Superlative Nintendo Entertainment System
Superlatives are interesting things. Even though most reduce down to simply “better” or “best”, countless hundreds have become mainstays of the English lexicon. Just pick up any thesaurus and take a look. Seriously, try it. Oh, and when you’re done, look up the word “lexicon”. You know what it means? Thesaurus. I know, right? It’s all so meta. So meta in fact, it’s beyond meta. Fun fact: Meta comes from a Greek root meaning “beyond”. What does all this have to do with the Super Nintendo you ask? You’ve got some nerve mister.
One day, way back in the summer of 1986, my friend Franklin called me and said he had just got something called a “Nine Ten Doetainment Sister” for his birthday and that he wanted me to come over and “play it”. I had no idea what he was talking about. I assumed Franklin was high (again) and was seeing ‘skin spiders’ (again). But you know Franklin, what a nut. Anyway, I didn’t really have any friends and I was intrigued at this whole ‘Doetainment Sisters’ idea.
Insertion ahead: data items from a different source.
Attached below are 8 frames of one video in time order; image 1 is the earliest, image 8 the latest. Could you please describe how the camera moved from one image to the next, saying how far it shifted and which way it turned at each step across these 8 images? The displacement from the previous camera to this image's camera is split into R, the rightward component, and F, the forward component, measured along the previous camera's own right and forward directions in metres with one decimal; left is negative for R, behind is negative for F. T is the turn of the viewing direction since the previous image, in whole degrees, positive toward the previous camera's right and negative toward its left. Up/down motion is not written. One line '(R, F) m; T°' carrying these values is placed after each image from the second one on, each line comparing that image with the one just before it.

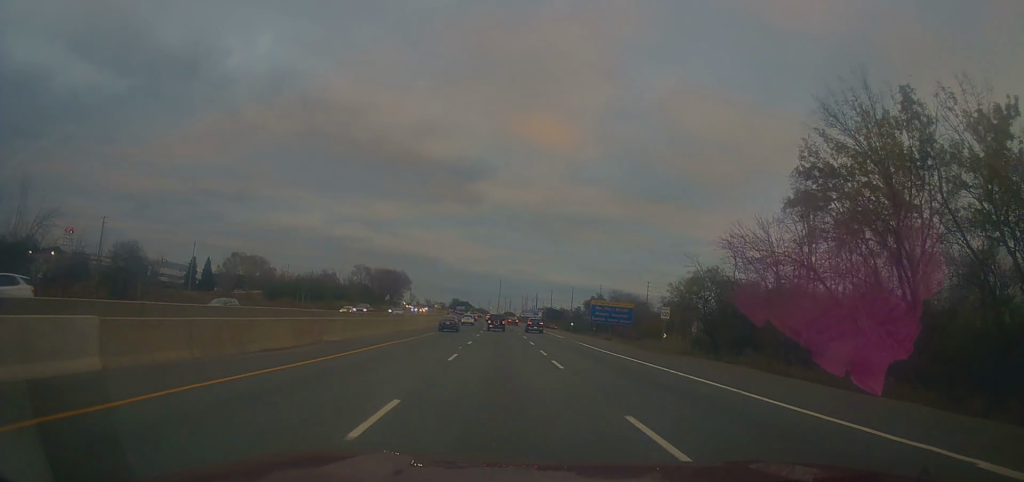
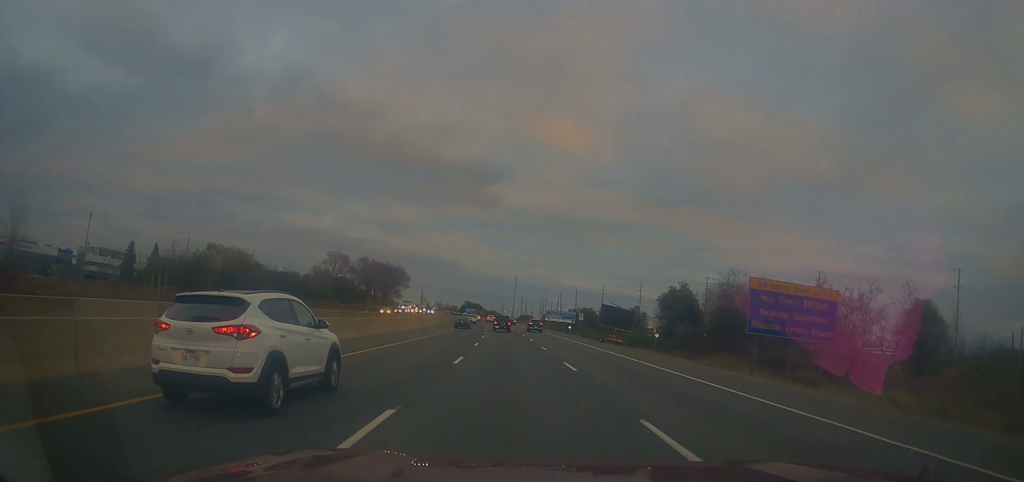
(-1.3, +49.2) m; -1°
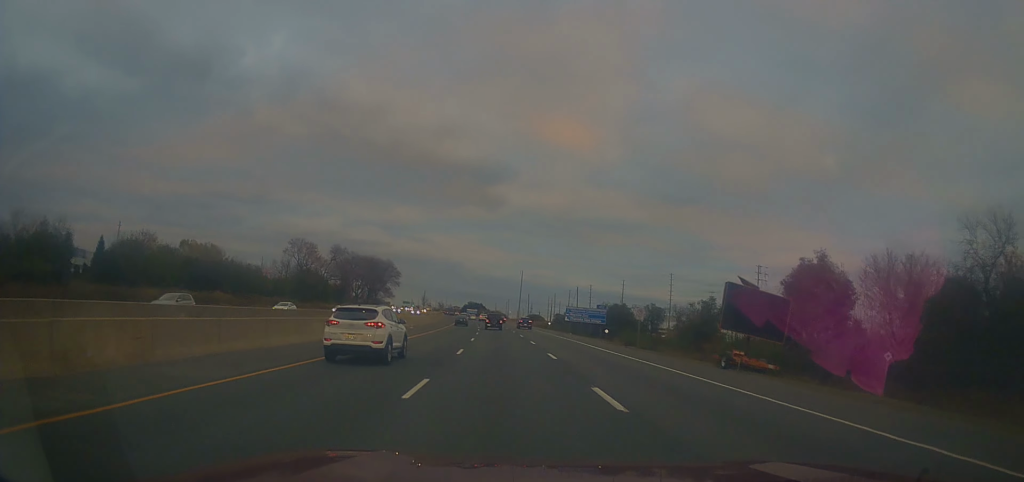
(0.0, +32.4) m; 0°
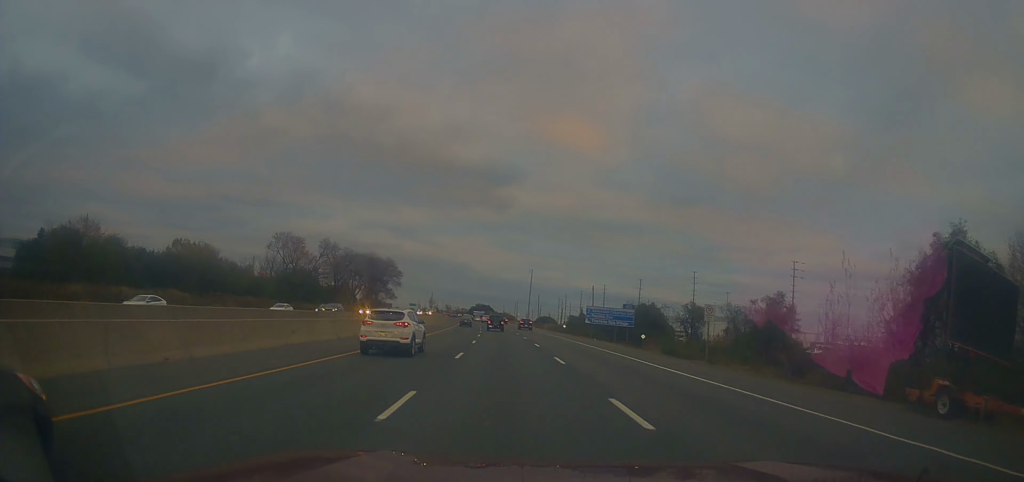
(0.0, +14.0) m; 0°
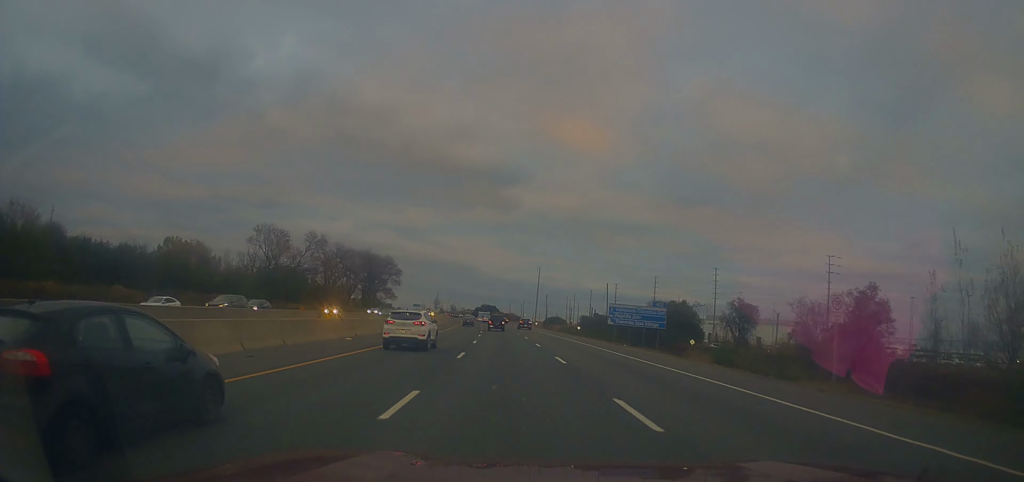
(0.0, +12.3) m; -1°
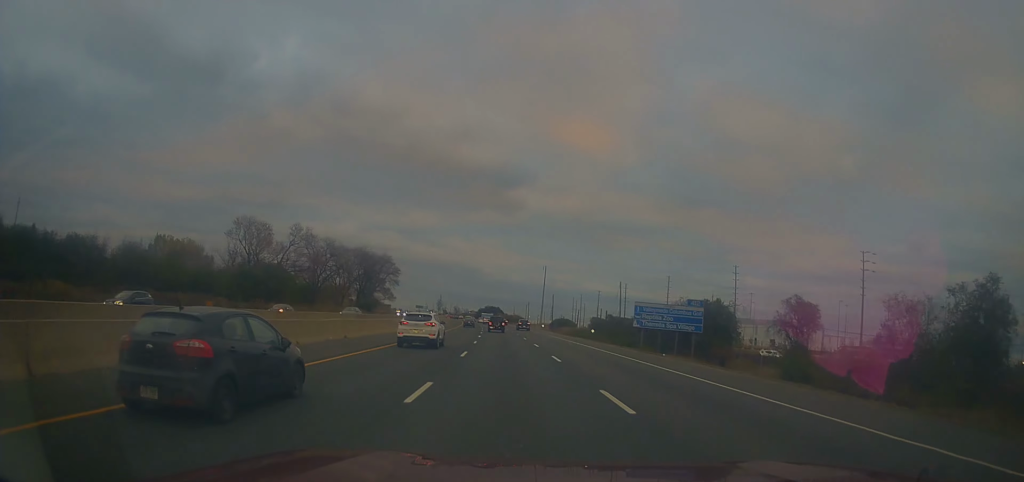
(+0.2, +10.6) m; -1°
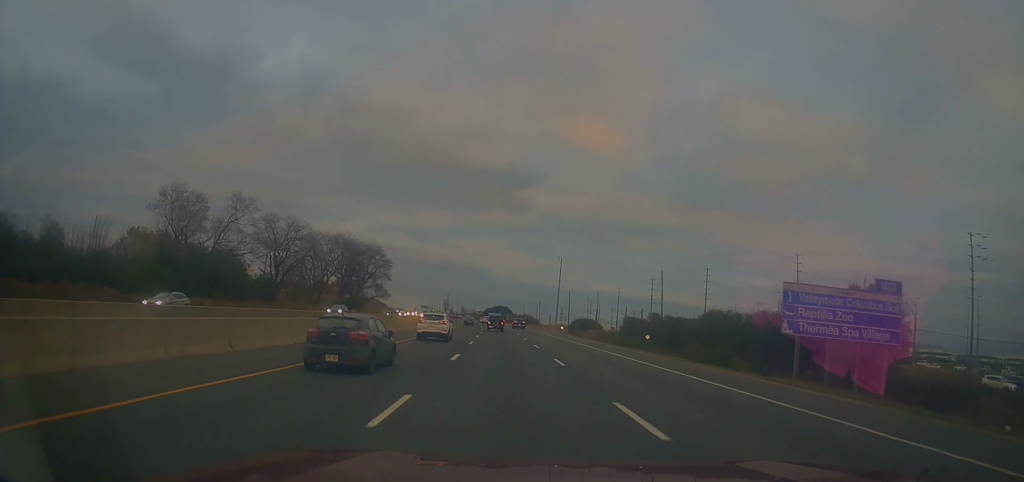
(-1.0, +26.5) m; -2°
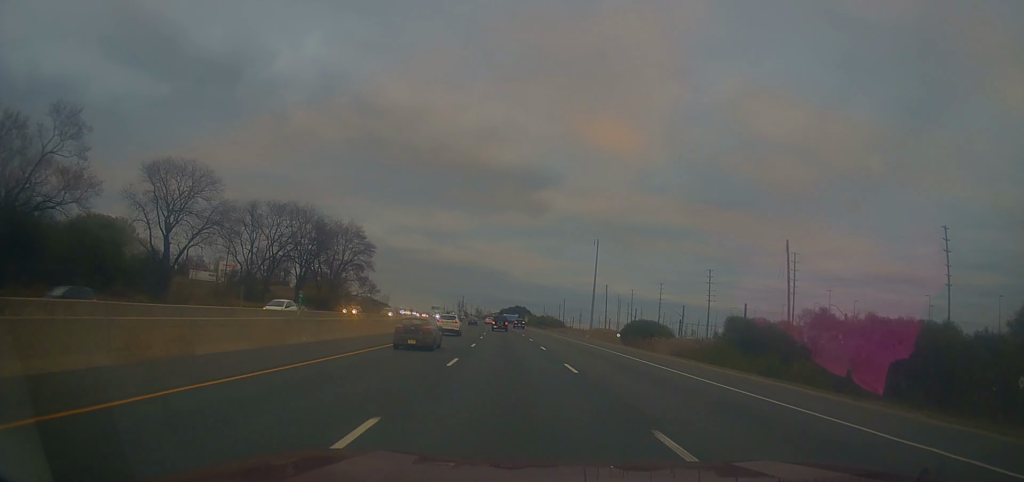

So over I went. Once there, I discovered two things: 1) Franklins’ parents had actually got him a “Nintendo Entertainment System” for his birthday and, 2) Franklin wasn’t high at all. He was drunk. Very, very drunk. Seriously kids, stay in school.
That summer Franklin and I played his NES (a term I just invented just now) until school started. I remember it well. There were so many games. My favorite? It was a tie. Between all of them. I found it to be an amazing toy game system. It was better than an Odyssey, taped to the back of a ColecoVision, stapled to an Atari 2600. But as often happens, time passed and Franklin and his NES (mostly the latter) grew apart. Little did I know at the time, but the best was yet to come.
Flash forward to 1991. Now I was eighteen and out on my own. I had my own apartment, my own car, and climbing the corporate ladder at OfficeMax (and by ‘corporate ladder’ I mean actual ladders…usually carrying boxes of 3-ring binders or Sharpies). I was all grown up and eager to assert my newly found adulthood. So I did what any mature, responsible adult would do: I headed down to Toys “R” Us and bought my very own Nintendo.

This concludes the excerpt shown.